The two KES servers Server1 and Server2 have distinct and independent policy-identity relationships.

The root Identity

As previously described, the KES server computes the client identity from its certificate. This normally computes to a cryptographic SHA-256 value. However, when specifying the identity-policy mapping it is totally valid to associate an arbitrary identity value to a policy. The associated identity can be "_", "disabled", "foobar123" or any other value. This is in particular useful for dealing with the special root identity.

The KES server has a special root identity that you must specify. You specify the root identify either by the KES configuration file or the --root CLI option. In general, root acts like any other identity with the exception that it cannot be associated to a policy. Instead, root can perform arbitrary API operations.

The root identity is especially useful for initial provisioning and management tasks.

Centrally managed or automated deployments, such as Kubernetes, do not require the root identity, which serves only as a security risk. If an attacker gains access to the root identity’s private key and certificate, the attacker can perform arbitrary operations.

Even though a root identity must always be specified, you can effectively disable it. This can be done by specifying a root identity value that will never be an actual (SHA-256) hash value.
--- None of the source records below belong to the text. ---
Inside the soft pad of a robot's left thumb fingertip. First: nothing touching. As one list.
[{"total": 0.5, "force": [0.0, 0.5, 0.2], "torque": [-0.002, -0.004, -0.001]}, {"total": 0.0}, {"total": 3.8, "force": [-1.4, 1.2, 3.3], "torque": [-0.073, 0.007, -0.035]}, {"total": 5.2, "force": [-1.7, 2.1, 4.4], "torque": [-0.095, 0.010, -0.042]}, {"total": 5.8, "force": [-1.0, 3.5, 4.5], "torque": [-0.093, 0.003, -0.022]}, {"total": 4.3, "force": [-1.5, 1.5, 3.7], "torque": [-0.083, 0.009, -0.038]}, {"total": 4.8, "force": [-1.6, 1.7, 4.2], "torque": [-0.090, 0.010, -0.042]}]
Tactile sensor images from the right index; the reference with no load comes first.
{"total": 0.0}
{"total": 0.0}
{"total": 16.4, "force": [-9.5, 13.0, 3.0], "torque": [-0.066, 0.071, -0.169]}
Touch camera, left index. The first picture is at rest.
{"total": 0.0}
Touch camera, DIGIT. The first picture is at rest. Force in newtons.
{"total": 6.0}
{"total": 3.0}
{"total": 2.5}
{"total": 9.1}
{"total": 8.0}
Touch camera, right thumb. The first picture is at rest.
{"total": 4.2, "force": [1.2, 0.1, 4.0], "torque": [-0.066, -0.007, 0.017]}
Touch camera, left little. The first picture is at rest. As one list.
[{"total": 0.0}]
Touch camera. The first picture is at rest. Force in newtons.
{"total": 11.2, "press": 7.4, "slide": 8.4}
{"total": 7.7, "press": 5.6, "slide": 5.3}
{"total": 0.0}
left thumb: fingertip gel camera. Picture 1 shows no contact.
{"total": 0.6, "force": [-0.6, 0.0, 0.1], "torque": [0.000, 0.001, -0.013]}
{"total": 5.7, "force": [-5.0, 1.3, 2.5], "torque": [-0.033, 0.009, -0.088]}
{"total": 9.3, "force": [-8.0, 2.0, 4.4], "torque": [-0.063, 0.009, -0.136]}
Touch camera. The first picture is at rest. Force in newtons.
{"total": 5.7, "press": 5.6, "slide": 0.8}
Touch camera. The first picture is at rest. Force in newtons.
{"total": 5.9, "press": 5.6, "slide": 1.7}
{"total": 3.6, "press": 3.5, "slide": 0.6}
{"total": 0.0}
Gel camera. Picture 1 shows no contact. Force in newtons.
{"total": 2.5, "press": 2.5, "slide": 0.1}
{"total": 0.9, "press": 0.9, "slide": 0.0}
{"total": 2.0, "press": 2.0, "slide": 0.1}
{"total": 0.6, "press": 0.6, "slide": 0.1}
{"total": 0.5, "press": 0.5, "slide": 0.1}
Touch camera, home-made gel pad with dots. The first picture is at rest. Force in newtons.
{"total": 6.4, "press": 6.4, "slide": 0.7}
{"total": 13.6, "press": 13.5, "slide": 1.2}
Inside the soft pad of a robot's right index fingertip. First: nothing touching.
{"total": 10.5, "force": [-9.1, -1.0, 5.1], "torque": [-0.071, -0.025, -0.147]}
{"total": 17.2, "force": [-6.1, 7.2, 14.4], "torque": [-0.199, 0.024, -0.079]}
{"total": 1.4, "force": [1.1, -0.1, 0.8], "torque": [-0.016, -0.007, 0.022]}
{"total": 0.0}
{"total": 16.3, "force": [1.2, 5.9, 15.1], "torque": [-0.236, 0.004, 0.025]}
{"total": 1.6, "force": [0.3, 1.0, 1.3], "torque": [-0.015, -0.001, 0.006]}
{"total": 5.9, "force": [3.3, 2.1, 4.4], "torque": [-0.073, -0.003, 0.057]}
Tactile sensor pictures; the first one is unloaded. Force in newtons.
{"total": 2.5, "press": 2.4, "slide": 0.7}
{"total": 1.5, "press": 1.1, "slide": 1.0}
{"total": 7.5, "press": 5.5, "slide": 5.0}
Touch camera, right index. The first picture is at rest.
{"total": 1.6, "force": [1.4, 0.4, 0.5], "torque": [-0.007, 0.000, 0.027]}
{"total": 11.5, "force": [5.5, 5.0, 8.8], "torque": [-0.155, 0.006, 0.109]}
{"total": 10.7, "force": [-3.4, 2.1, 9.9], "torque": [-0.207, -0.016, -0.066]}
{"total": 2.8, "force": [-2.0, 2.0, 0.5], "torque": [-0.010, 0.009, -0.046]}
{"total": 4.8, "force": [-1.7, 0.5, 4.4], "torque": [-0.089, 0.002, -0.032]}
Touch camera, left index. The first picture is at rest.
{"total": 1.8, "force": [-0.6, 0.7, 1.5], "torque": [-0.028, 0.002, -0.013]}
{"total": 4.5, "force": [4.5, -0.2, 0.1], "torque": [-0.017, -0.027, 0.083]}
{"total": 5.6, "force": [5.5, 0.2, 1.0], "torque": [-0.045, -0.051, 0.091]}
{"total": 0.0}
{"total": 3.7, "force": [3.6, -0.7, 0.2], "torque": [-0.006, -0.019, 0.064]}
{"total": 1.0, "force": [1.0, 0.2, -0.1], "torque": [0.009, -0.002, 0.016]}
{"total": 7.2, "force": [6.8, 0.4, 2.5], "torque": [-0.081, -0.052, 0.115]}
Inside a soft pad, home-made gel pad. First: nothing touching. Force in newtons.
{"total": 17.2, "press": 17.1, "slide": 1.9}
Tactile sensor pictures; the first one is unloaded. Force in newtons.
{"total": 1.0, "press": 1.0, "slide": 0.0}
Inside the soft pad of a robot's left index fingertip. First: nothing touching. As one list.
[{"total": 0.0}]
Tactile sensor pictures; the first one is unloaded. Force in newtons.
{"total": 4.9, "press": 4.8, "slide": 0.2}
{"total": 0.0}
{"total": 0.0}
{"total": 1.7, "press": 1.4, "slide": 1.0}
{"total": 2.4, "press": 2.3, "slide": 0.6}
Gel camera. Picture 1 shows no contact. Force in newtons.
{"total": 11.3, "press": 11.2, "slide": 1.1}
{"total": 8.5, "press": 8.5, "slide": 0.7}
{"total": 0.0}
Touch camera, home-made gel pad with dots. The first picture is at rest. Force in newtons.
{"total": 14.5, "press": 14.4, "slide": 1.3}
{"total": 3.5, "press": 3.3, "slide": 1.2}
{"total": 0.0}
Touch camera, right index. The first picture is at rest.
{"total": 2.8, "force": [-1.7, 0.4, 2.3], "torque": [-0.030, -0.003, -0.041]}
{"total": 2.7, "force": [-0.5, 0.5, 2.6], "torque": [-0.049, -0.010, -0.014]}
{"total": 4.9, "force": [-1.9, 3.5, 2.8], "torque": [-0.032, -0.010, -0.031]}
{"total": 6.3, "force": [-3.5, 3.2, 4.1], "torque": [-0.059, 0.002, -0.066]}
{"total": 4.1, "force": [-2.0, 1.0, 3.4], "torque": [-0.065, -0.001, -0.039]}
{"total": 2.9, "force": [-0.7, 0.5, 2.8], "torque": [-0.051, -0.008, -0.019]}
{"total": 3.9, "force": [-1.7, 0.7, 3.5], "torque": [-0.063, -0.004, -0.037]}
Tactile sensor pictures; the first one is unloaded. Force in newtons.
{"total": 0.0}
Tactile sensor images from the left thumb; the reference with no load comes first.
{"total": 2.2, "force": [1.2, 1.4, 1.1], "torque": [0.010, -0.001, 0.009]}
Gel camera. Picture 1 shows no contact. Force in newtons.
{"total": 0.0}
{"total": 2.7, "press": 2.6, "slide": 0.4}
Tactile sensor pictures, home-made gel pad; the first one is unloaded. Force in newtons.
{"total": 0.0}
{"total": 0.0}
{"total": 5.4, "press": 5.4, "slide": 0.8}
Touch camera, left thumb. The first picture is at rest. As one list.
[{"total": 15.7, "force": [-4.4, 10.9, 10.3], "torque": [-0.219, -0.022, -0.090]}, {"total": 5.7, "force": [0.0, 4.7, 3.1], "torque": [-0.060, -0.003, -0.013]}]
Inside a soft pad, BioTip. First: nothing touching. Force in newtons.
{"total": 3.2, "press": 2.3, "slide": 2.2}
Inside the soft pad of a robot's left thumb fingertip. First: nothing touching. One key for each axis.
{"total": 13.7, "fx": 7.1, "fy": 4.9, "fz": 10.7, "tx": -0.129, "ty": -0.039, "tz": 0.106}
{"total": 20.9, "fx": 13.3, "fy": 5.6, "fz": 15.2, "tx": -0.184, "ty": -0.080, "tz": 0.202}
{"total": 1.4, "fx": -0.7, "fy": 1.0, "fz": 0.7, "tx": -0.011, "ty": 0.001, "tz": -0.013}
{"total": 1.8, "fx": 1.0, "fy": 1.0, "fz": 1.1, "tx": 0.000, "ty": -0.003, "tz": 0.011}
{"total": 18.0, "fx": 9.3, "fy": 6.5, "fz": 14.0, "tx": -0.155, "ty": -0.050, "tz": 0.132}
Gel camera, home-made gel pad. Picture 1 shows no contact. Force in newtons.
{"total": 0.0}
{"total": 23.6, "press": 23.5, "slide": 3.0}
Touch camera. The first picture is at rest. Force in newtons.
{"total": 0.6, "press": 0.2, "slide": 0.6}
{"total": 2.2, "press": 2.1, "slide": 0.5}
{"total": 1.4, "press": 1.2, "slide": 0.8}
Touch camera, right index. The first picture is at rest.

For example --root=_ (underscore) or --root=disabled. Since KES does not ever compute a cryptographic identity to _ or disabled, it becomes impossible to perform an operation as root.

Even though root can perform arbitrary API operations, it cannot change the root identity itself. The root identity can only be specified or changed through the CLI or the configuration file. Therefore, an attacker cannot become the root identity by tricking the current root. The attacker either has to compromise the root identity’s private key or change the initial server configuration.